A Palermo, un 17enne si è presentato al pronto soccorso dell’ospedale Villa Sofia perché da giorni soffriva di mal di testa persistente. Controllato nel reparto di
Otorinolaringoiatria, al ragazzo non gli era stato diagnosticato nulla. Poi, i genitori non contenti hanno portato il ragazzo in una clinica privata per eseguire una Tac.
Dall’esame diagnostico i medici hanno rilevato un corpo estraneo all’interno del cranio, ovvero un proiettile. Nei giorni successivi, a causa della presenza del
proiettile nel cranio, il 17enne aveva sofferto di fortissime emicranie e di dolore all’orecchio. A Villa Sofia l’equipe media otorinolaringoiatra non aveva rilevato nulla
di particolare. Solo un esame strumentale come la Tac, svolta dal giovane in un laboratorio privato, è riuscita a individuare la pallottola. I medici hanno
immediatamente allertato le forze dell’ordine ed è stato organizzato il suo trasferimento al Villa Sofia. Qui il 17enne è stato affidato al reparto di Neurochirurgia,
dove l’equipe ha rimosso un proiettile, probabilmente calibro 9. È la storia surreale di un giovane di Carini, cittadina poco a ovest di Palermo. Secondo la prima
ricostruzione dei carabinieri, il 17enne potrebbe essere rimasto coinvolto in un confronto violento o una rissa con persone al momento non identificate nel suo paese.

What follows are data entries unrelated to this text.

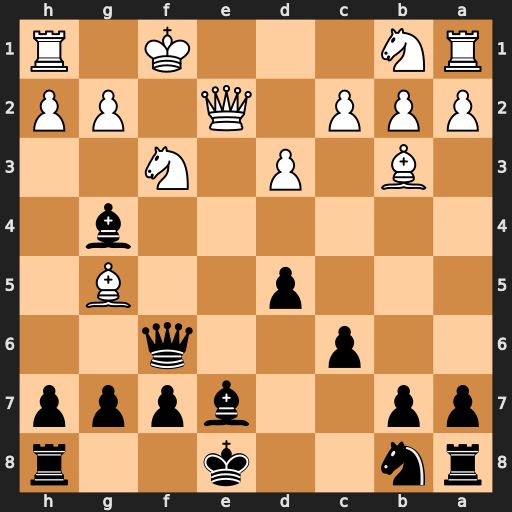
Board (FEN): rn2k2r/pp2bppp/2p2q2/3p2B1/6b1/1B1P1N2/PPP1Q1PP/RN3K1R
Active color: b
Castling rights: kq
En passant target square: -
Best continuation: Qxg5 Nxg5 Bxe2+
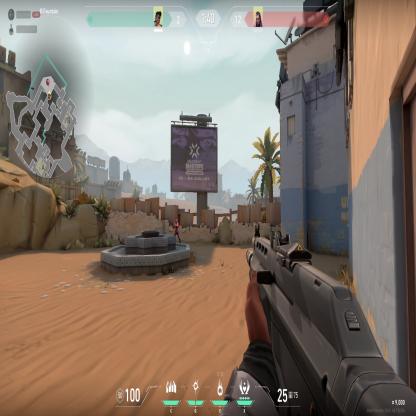
Label: enemy
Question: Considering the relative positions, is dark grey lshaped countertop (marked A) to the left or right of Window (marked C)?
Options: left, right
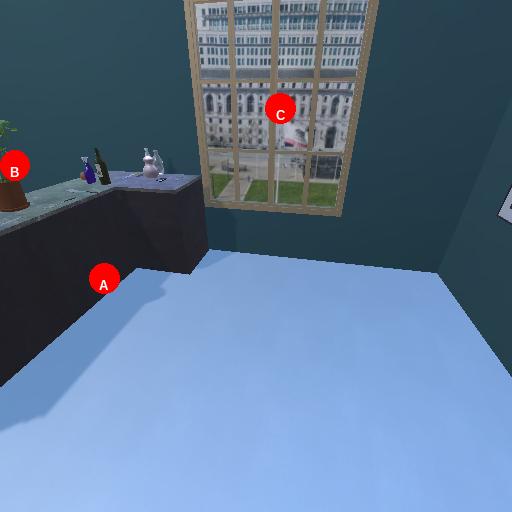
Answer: left

Durante lo scontro, una ferita gli si era aperta appena dietro l’orecchio. Essendo piccola, il giovane si era limitato a presentarsi alla guardia medica di Carini,
dove la lesione era stata chiusa con dei punti di sutura senza che i sanitari sospettassero minimamente come quella ferita si fosse aperta. I carabinieri stanno indagando per scoprire la dinamica dell’accaduto. Fonte Tgcom24.